• **WHAT IS REQUIRED**: For this exercise, restate every line below word for word and drop the images.

• **MATERIAL FOR THIS EXERCISE**:
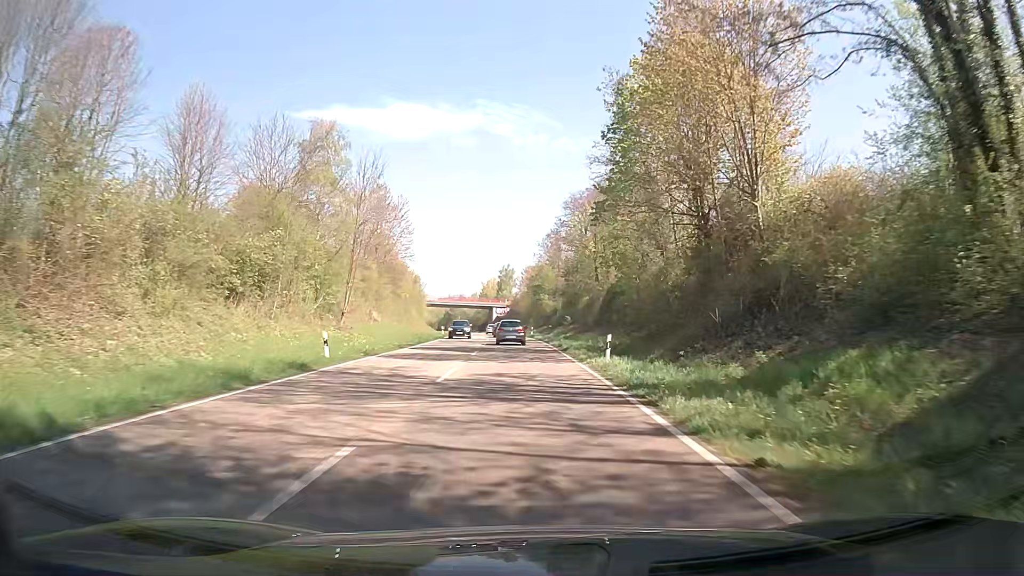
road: primary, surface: asphalt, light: Day
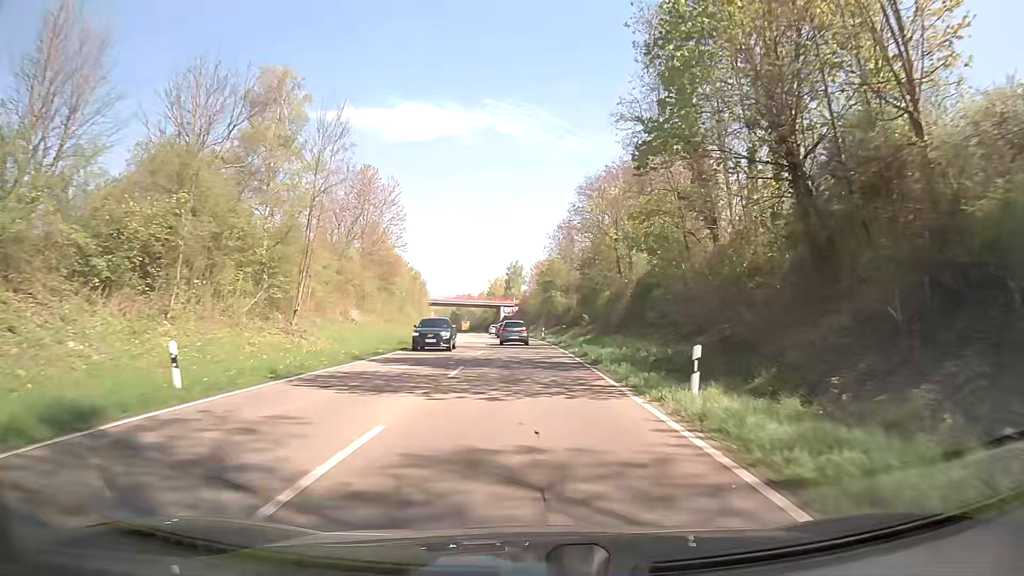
(0.0, +10.6) m; -1°
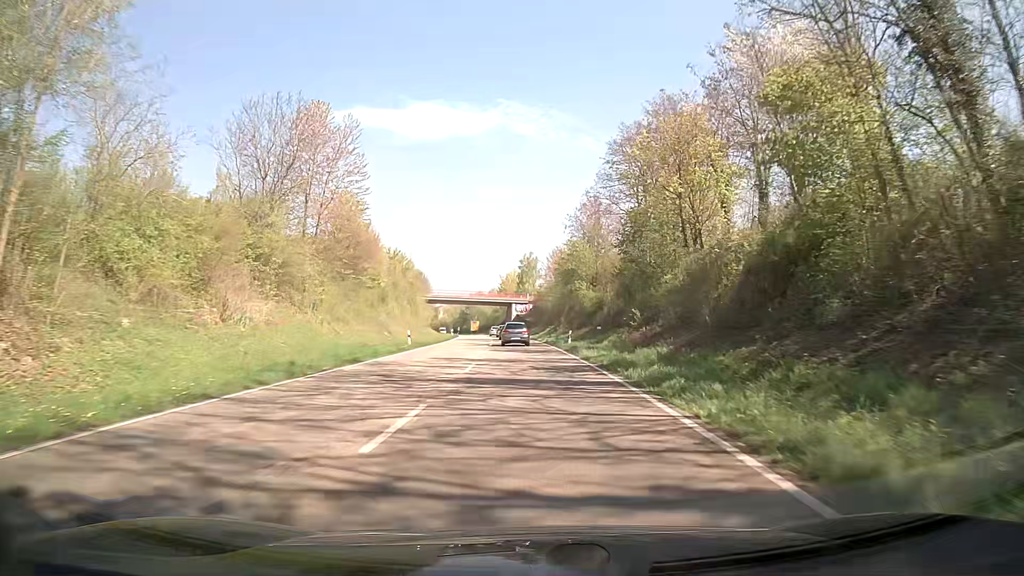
(-0.3, +21.6) m; -1°
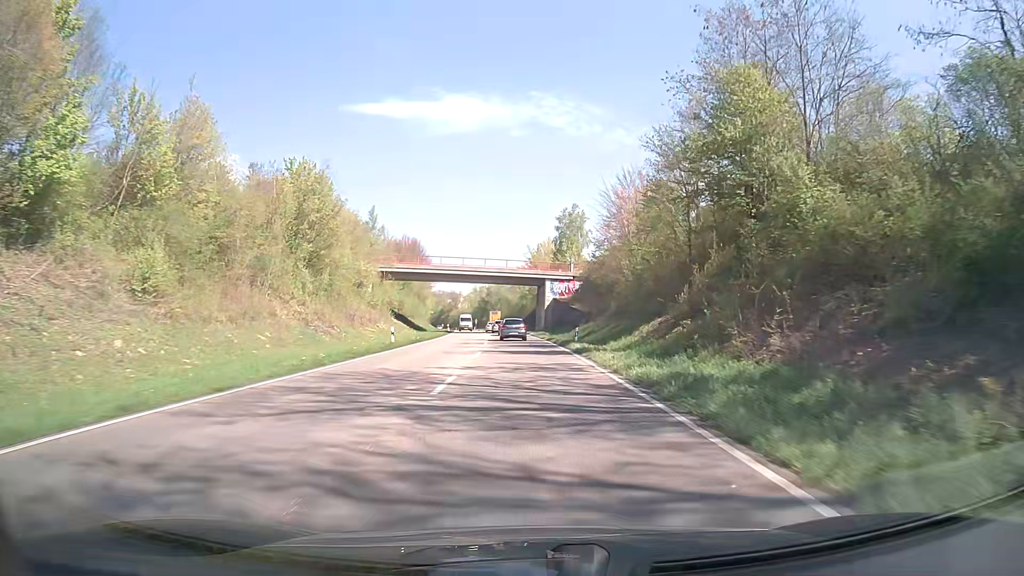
(-1.3, +55.1) m; -3°
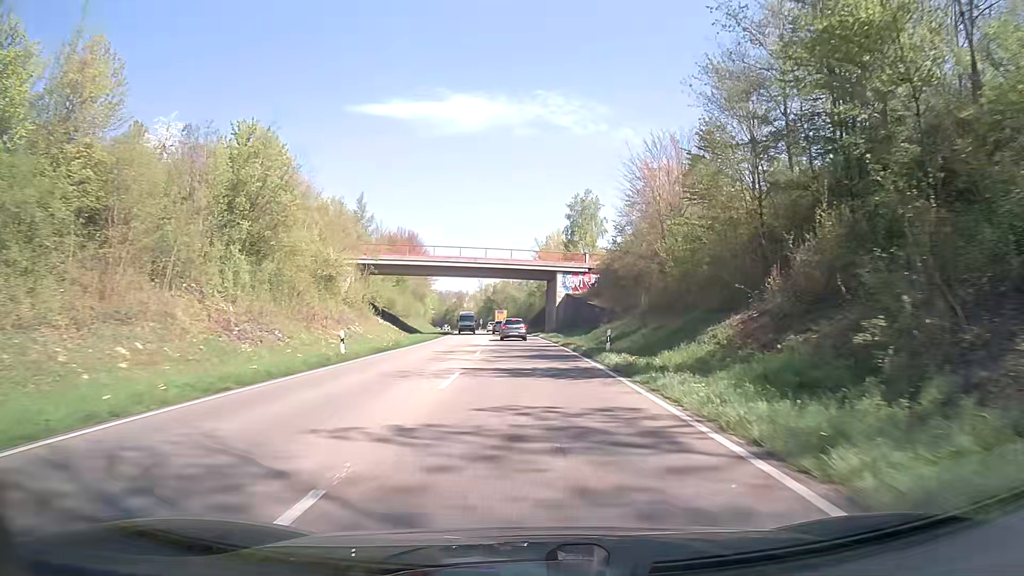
(0.0, +11.0) m; -1°
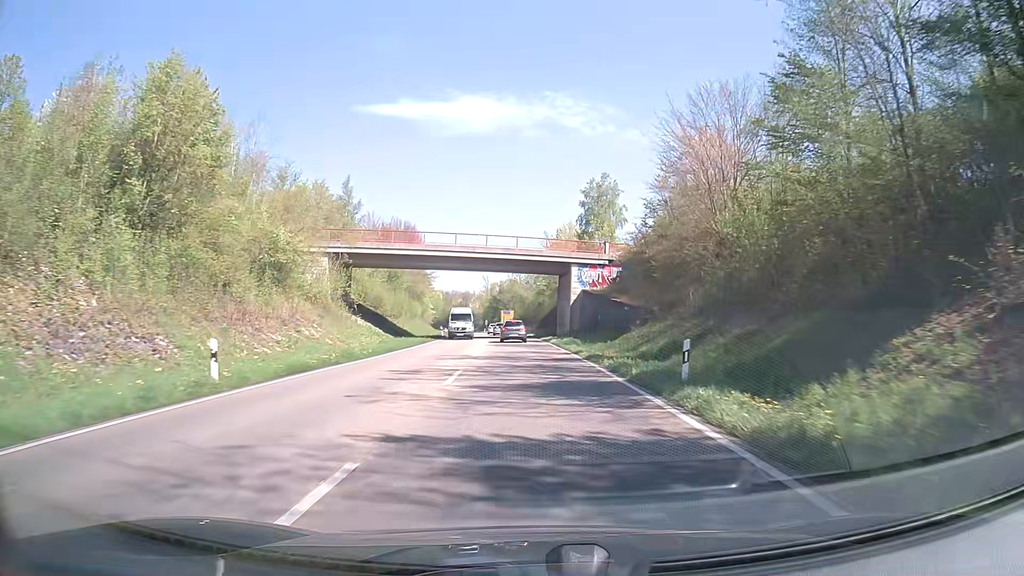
(-0.1, +11.0) m; -1°
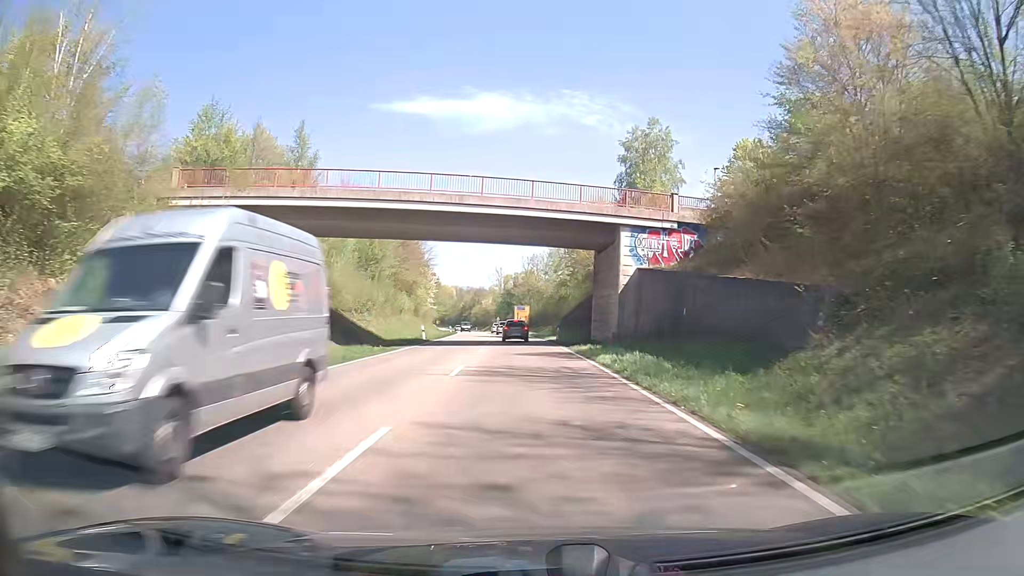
(-0.3, +21.9) m; -2°
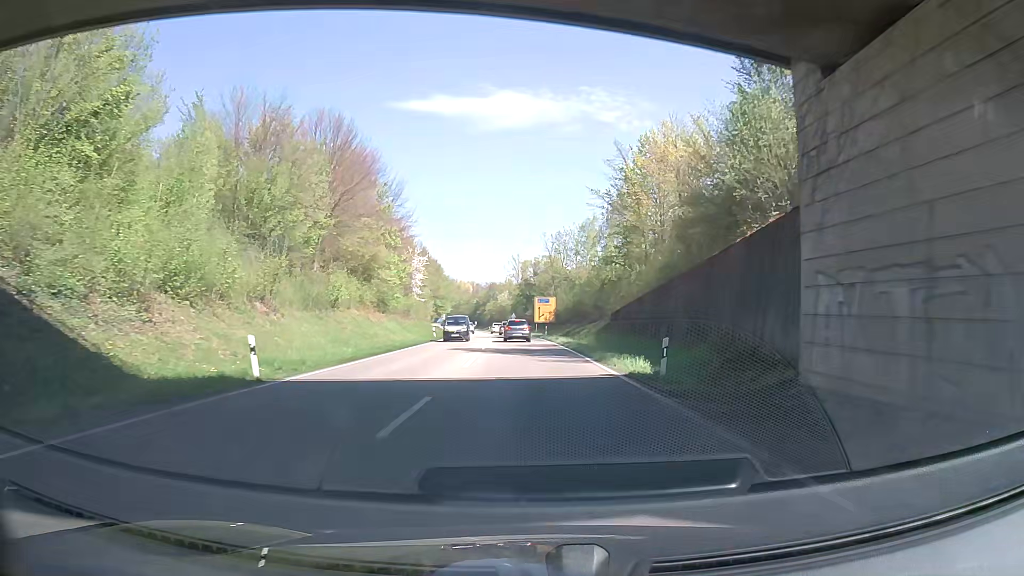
(-0.5, +32.9) m; -2°
(0, +10) (0, +20) (0, +30) (0, +40) (-1, +50) (-1, +60) (-2, +70) (-2, +80) (-3, +90) (-4, +100) m

• **REPLY TO THE TASK**:
road: primary, surface: asphalt, light: Day
(0.0, +10.6) m; -1°
(-0.3, +21.6) m; -1°
(-1.3, +55.1) m; -3°
(0.0, +11.0) m; -1°
(-0.1, +11.0) m; -1°
(-0.3, +21.9) m; -2°
(-0.5, +32.9) m; -2°
(0, +10) (0, +20) (0, +30) (0, +40) (-1, +50) (-1, +60) (-2, +70) (-2, +80) (-3, +90) (-4, +100) m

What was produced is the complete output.